On divise le coût des matières consommées par le chiffre d’affaires, multiplié par cent. Les matières consommées se calculent ainsi : stock de début + achats de la période − stock de fin. Exemple : 12 000 € de matières pour 40 000 € de ventes donnent un ratio de 30 %.
Quel est un bon ratio coût matière ?
Il n’existe pas de norme universelle. En restauration traditionnelle, le food cost se situe souvent entre 28 et 32 %, mais le repère dépend de votre concept : la restauration rapide, la pizzeria ou le bar ont des cibles différentes, et le ratio des boissons est nettement plus bas que celui de la cuisine.
Quelle solution pour suivre son coût matière ?
Au-delà d’un certain volume, le tableur montre ses limites. Une solution de gestion dédiée à la restauration, comme Otami, analyse les factures, met à jour les coûts de revient et valorise l’inventaire automatiquement, pour un suivi fiable et régulier sans ressaisie.

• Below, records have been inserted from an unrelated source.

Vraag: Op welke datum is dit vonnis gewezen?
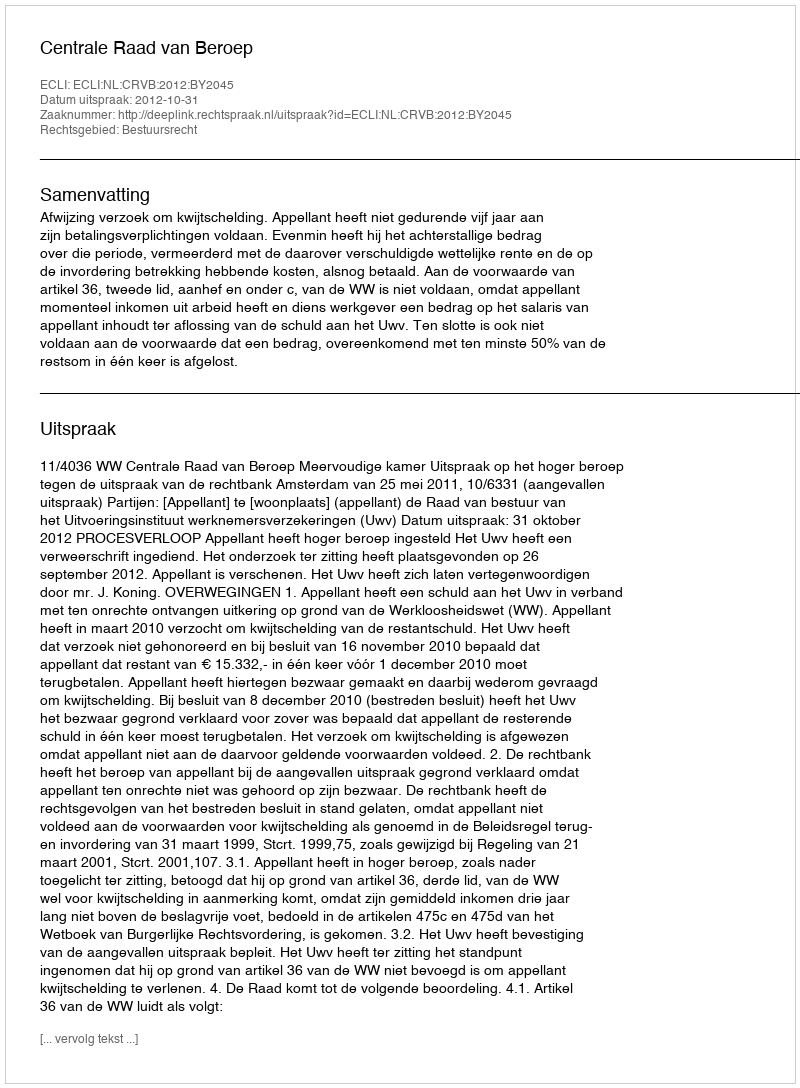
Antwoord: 2012-10-31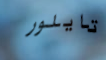
تايلور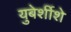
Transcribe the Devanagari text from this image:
युबेर्शीशे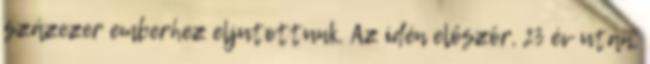
százezer emberhez eljutottunk. Az idén először, 23 év után,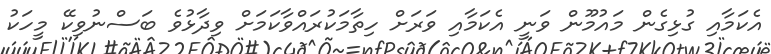
އެކަމާއި ގުޅިގެން މައުމޫން ވަނީ އެކަމާއި ވަރަށް ހިތާމަކުރައްވާކަމަށް ވިދާޅުވެ ބަސްނުވިކޭ މީހަކު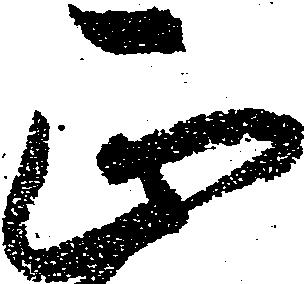
正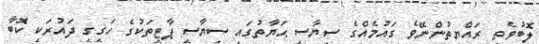
ލޮބުވެތި ރައްޔިތުންނޭވެ ގައުމެއްގެ ސިޔާސީ ޙަޔާތުގައި ސިޔާސީ ޕާޓީތަކުގެ ހަގީގީ ދައުރަކީ ކޮބާ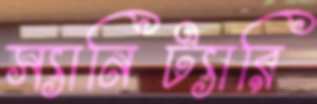
স্যানিট্যারি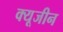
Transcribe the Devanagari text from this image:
क्यूजीन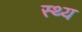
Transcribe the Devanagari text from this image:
स्थ्य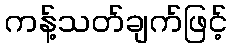
ကန့်သတ်ချက်ဖြင့်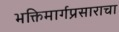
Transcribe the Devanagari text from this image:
भक्तिमार्गप्रसाराचा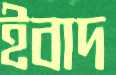
ইবাদ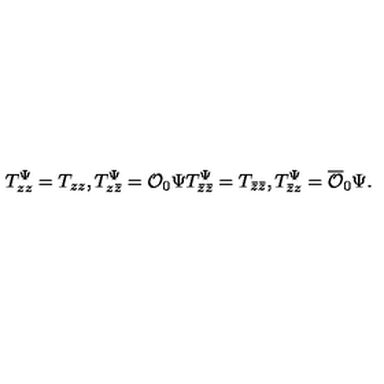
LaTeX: T _ { z z } ^ { \Psi } = T _ { z z } , T _ { z \bar { z } } ^ { \Psi } = { \cal O } _ { 0 } \Psi T _ { \bar { z } \bar { z } } ^ { \Psi } = T _ { \bar { z } \bar { z } } , T _ { \bar { z } z } ^ { \Psi } = \overline { { \cal O } } _ { 0 } \Psi .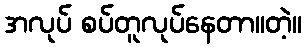
အလုပ် စပ်တူလုပ်နေတာ။တဲ့။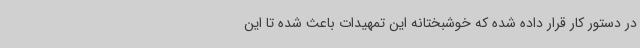
در دستور کار قرار داده شده که خوشبختانه این تمهیدات باعث شده تا این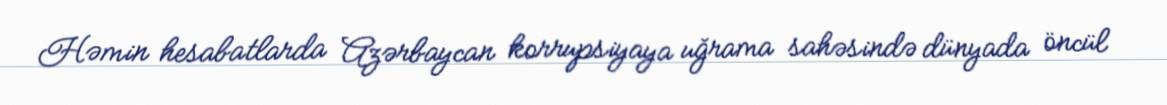
Həmin hesabatlarda Azərbaycan korrupsiyaya uğrama sahəsində dünyada öncül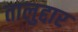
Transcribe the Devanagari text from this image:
तालुद्दार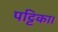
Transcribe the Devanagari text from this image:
पट्टिका।

Conclusion : le coût matière se pilote, il ne se subit pas
Le coût matière d’un restaurant n’est pas une fatalité révélée une fois par an. C’est un résultat quotidien, façonné par vos achats, vos recettes, vos portions et vos pertes. Le maîtriser suppose de le définir, de le mesurer régulièrement, de suivre vos prix d’achat, d’organiser vos achats et vos stocks, et de descendre au niveau de chaque plat. Chacun de ces leviers fait l’objet d’un article dédié dans ce guide. Pris ensemble, ils dessinent une méthode simple : décider sur des chiffres, pas sur des impressions.